7. “A Little Chaconne on a Lenten Hymn” by James Engel; Morning Star Music Publication (MSM 10-305). Based on the tune “Stricken, Smitten and Afflicted” which was at one time in wide use in Lutheran Hymnals. This “Chaconne” (an ancient dance form founded upon a recurring and constant rhythmic pattern) makes a lovely Prelude for any Lenten Service. Of medium difficulty.

8. “Nine Easy Chorale Preludes for Lent” by James Engle, Morning Star Music (MSM 10-316). I would hedge at the designation “easy;” there is much useful material here. All, except two, are based upon Lutheran Chorales. The two “outsiders” are “Southwell” and “Winchester New.” Easy/Medium.

1. “It is the Child” by Garry Cornell; Celebrations Unlimited (CU504); SATB; keyboard with optional C Instrument. While this could work for Lent, it is more appropriate for late Epiphany leading into Lent – the transitional Gesima Sundays under the old Liturgical Calendar. Very Beautiful. Part of the Christ Carnival Series created with the late Herbert Brokering. Of average requirements.

2. “Behold the Lamb of God” by Samuel Sebastian Wesley (1810-1876), arr. By Henry Kihlken; Coronte Press (392-41836); Text by Matthew Bridges (1848); tune “Wigan” from the “European Psalmist” ca, 1872; SATB with organ. For Holy Week, Passion/Palm Sunday or Good Friday. Not difficult, but dramatic requiring careful attention to dynamics and expression, ranging from pp to FF.

3. “Green the Weeping Willow Tree” by Robert Graham; 2 part mixed with flute, piano or organ; Lorenz Corp (AMSI 179) administrator and sole selling agent. Although directions are given in the score for performance without flute, this should never be performed without flute. Excellent also as a duet or solo. Easy, with a memorable melody, but requires sensitivity and expression.

4. “Savior to Your Passion Go” by Robert Wetzler (AMSI 497) SATB with organ; Passion/Palm Sunday. A real find, as this anthem provides an opportunity to present an unfamiliar and unhackneyed Palm Sunday text. Dignified and stately. Easy/Medium.

Note: AMSI publications are available as an uniprint reproduction from the Lorenz Corporation, 501 E. 3rd St., Dayton, OH 45401-0802.

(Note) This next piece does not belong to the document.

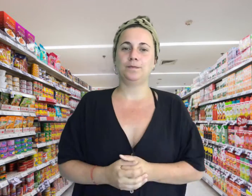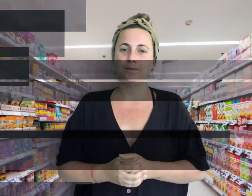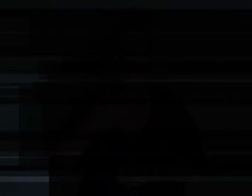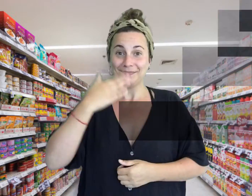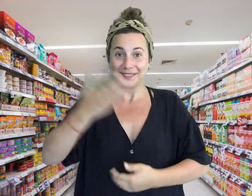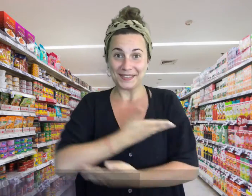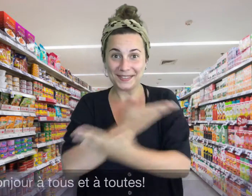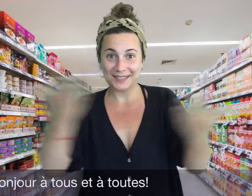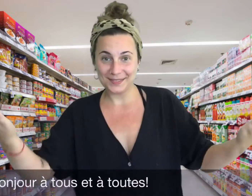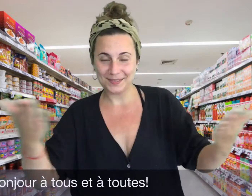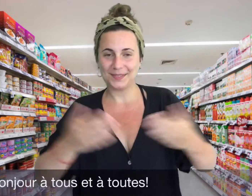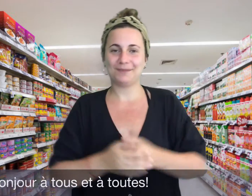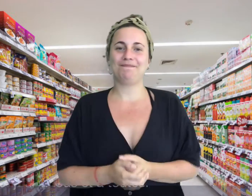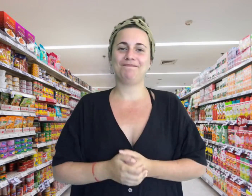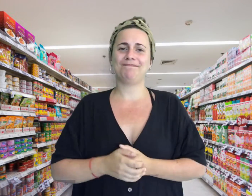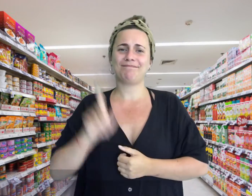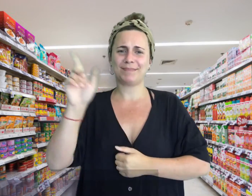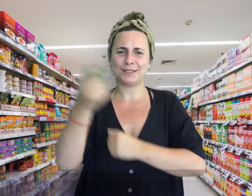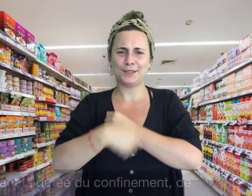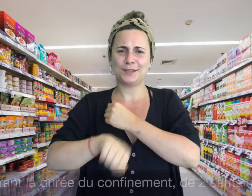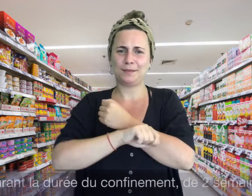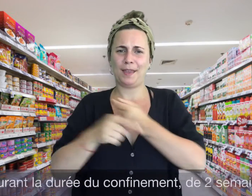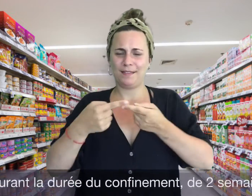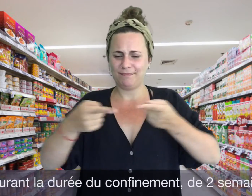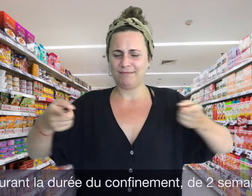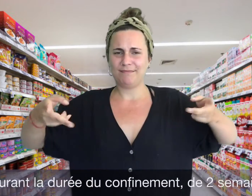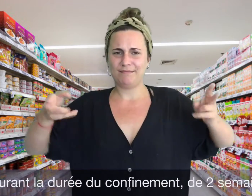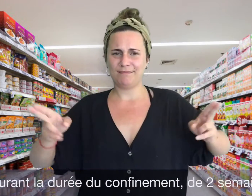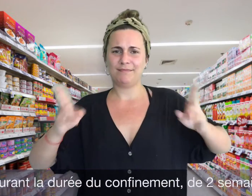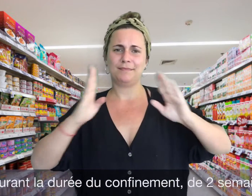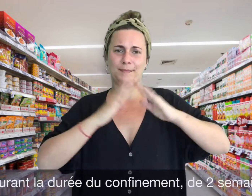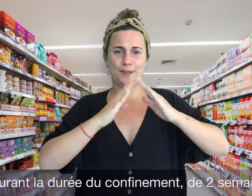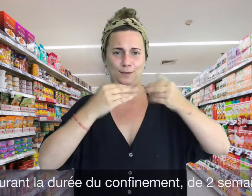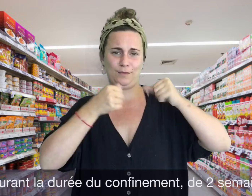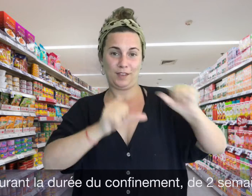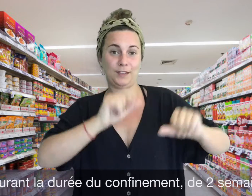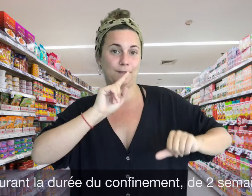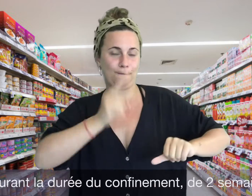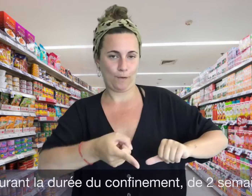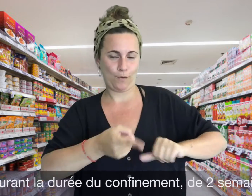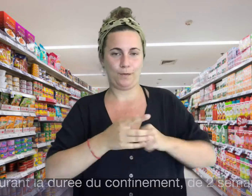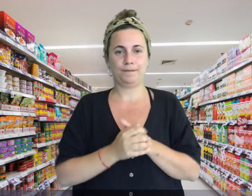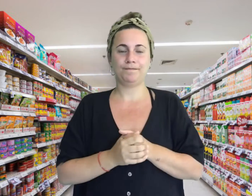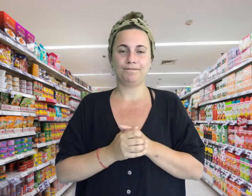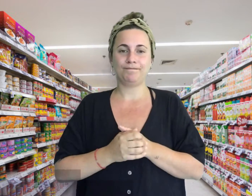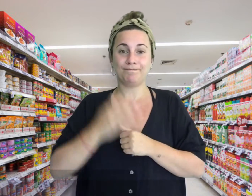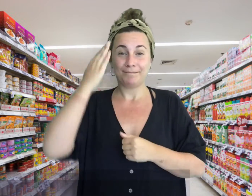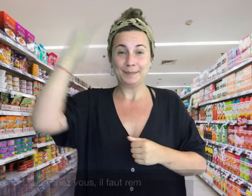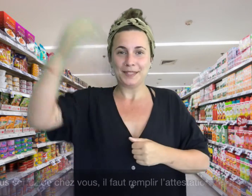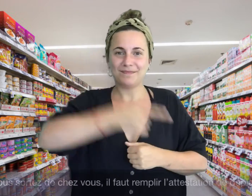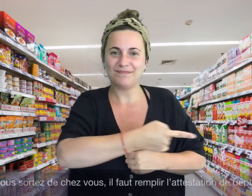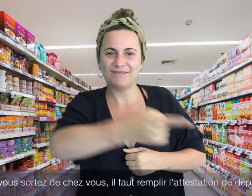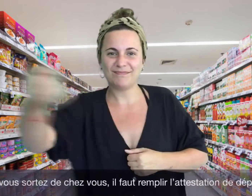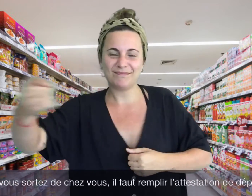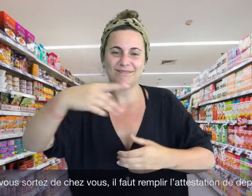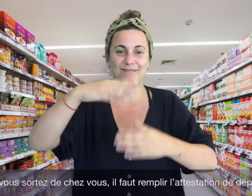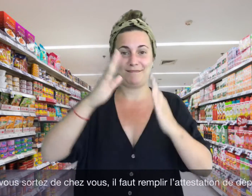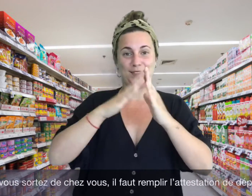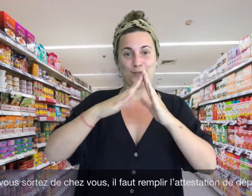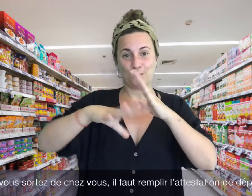Bonjour à tous et à toutes ! Durant la durée du confinement de deux semaines, si vous sortez de chez vous,

5. “We Will Carol Joyfully” by Robert Wetzler (AMSI376); SATB with echo group. Delightful and melodic setting of an Old English Carol text. Echo effects throughout. The echoes could be sung by a youth group; a good opportunity to involve them with the Senior Choir. Not difficult at all.

6. “He Has Risen” by Sharon Elery Rogers. SATB with keyboard; Coronet Press (392-41992). A quodlibet of 2 contrasting hymn tunes :Llanfair” by Robert Williams and “Hollingside” by John B. Dykes. Very effective, with a soaring descant and big conclusion. Of medium difficulty, requiring a large enough soprano section to accommodate the descant.

7. “The Day of Resurrection (French Carol)” arr. by Henry Kihlken; Coronet Press (392-41905); SATB with keyboard and optional trumpet. A festive setting of a familiar French Carol Melody, used by Willian in the collection “Carols of the Seasons.” Some of you might be familiar with the 1948 arrangement by Carl Halter. Exploits imitation on the phrase “He is Risen,” with separate entries of the voices at various points. Medium/Difficult.